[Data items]

- Opening Delimiter -

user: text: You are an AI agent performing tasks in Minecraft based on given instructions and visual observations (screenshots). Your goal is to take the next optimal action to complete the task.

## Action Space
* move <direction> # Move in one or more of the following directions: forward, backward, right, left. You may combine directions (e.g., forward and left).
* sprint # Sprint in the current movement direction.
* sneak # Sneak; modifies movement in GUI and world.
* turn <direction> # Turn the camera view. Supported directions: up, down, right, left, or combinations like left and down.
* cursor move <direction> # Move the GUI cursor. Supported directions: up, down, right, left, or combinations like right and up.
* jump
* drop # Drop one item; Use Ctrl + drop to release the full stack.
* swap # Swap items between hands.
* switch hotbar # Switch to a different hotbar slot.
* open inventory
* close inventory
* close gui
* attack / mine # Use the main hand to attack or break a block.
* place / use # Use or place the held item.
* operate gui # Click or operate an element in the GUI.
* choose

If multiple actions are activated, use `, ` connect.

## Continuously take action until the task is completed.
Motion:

- Closing Delimiter -
- Opening Delimiter -

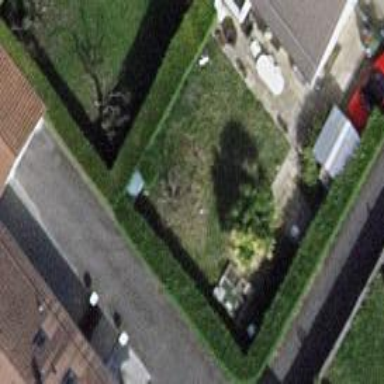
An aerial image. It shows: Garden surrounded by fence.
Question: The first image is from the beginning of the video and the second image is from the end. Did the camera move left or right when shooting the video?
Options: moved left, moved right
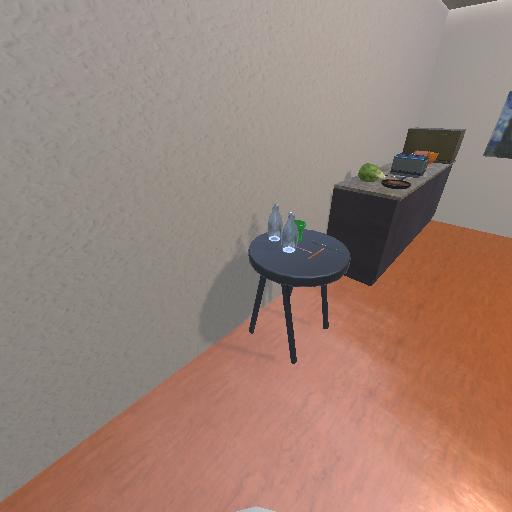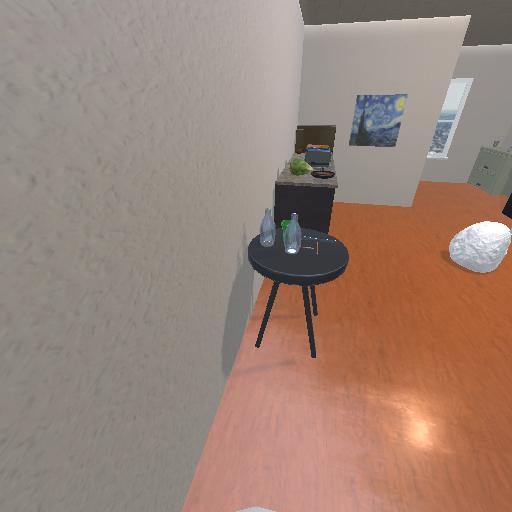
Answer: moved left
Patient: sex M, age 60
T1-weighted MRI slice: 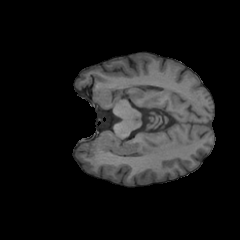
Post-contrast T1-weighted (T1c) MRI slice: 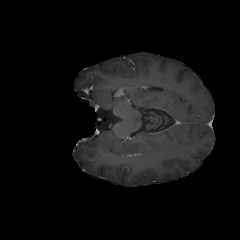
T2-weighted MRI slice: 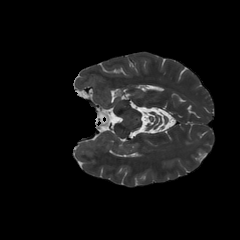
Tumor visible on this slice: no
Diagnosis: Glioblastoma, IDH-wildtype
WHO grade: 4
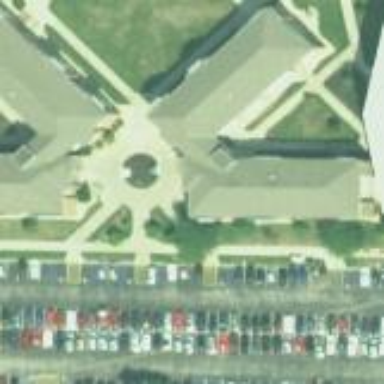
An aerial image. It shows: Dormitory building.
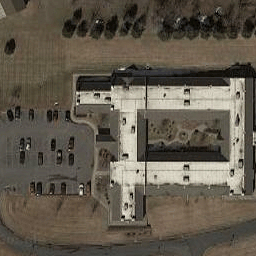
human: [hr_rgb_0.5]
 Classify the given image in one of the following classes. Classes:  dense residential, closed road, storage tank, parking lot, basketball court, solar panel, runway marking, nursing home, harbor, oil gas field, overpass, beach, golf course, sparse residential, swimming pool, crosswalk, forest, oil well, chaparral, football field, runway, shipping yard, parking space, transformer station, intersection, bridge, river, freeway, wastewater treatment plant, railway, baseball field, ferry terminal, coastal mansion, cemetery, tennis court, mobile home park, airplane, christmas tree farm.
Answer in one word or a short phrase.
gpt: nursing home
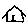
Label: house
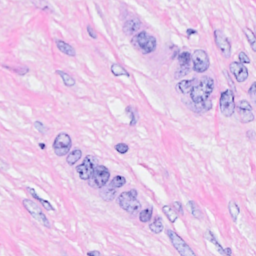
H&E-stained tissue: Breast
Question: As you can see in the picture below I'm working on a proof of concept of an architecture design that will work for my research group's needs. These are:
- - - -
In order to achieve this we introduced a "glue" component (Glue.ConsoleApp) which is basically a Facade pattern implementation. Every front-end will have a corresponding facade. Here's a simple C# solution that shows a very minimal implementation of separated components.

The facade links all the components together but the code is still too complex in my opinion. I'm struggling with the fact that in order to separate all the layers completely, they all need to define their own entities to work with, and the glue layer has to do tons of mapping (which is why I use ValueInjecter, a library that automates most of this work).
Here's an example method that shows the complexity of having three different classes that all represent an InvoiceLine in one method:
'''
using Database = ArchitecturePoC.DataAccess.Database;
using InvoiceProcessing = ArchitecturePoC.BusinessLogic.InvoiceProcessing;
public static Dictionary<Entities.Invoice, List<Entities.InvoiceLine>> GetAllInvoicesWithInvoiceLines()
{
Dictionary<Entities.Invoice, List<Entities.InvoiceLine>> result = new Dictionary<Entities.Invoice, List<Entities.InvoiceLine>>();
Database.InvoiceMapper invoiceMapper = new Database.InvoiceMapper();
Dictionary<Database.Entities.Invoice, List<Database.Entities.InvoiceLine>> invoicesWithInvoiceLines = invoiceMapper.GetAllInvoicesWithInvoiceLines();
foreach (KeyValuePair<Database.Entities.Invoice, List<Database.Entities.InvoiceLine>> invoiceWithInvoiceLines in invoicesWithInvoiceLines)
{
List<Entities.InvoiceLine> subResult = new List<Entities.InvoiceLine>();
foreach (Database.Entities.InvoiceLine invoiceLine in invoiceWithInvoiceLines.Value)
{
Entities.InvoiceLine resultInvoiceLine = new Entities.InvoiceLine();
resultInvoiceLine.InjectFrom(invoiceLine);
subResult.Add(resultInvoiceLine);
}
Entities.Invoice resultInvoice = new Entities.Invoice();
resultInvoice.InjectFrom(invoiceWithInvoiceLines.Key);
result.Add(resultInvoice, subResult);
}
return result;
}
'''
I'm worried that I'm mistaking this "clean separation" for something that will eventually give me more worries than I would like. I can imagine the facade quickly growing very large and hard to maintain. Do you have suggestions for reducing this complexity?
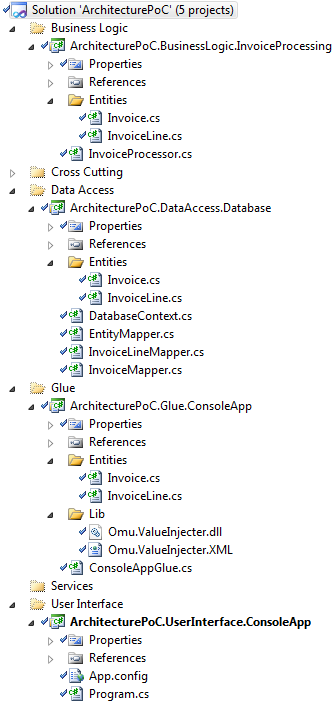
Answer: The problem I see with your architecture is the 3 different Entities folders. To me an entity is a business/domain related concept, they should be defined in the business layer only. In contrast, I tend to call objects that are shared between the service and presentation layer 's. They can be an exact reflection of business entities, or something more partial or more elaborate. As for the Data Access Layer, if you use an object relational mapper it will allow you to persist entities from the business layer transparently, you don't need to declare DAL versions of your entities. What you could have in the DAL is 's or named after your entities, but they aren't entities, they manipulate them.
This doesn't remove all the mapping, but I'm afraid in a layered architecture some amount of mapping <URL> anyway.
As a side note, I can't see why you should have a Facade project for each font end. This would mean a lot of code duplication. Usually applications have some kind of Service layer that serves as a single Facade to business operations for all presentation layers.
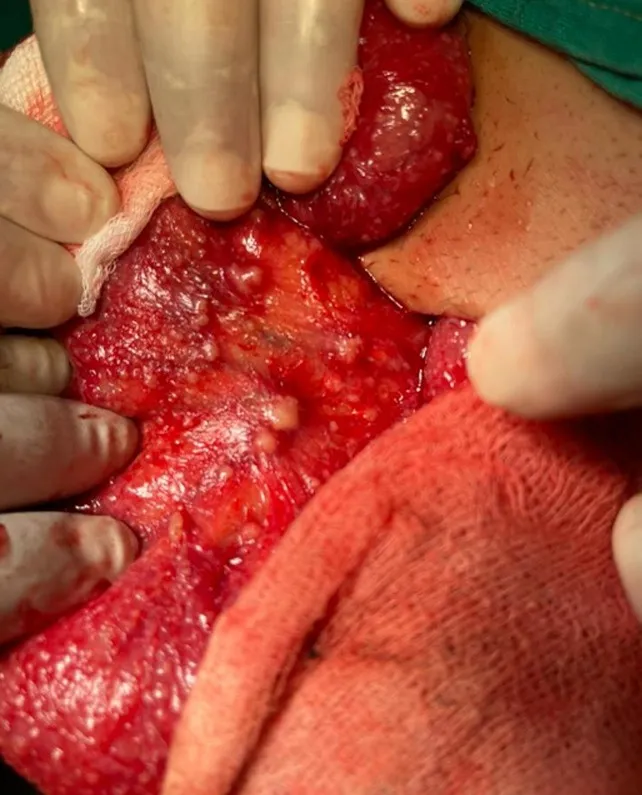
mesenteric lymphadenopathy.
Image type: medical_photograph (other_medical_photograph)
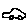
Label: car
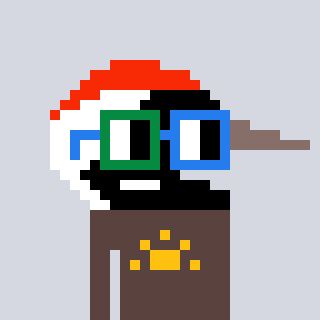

- Closing Delimiter -

**ABOUT THIS EXERCISE**: In the data above, find each line that has the word "combinations" and copy it out.

**EXERCISE RESULT**:
* turn <direction> # Turn the camera view. Supported directions: up, down, right, left, or combinations like left and down.
* cursor move <direction> # Move the GUI cursor. Supported directions: up, down, right, left, or combinations like right and up.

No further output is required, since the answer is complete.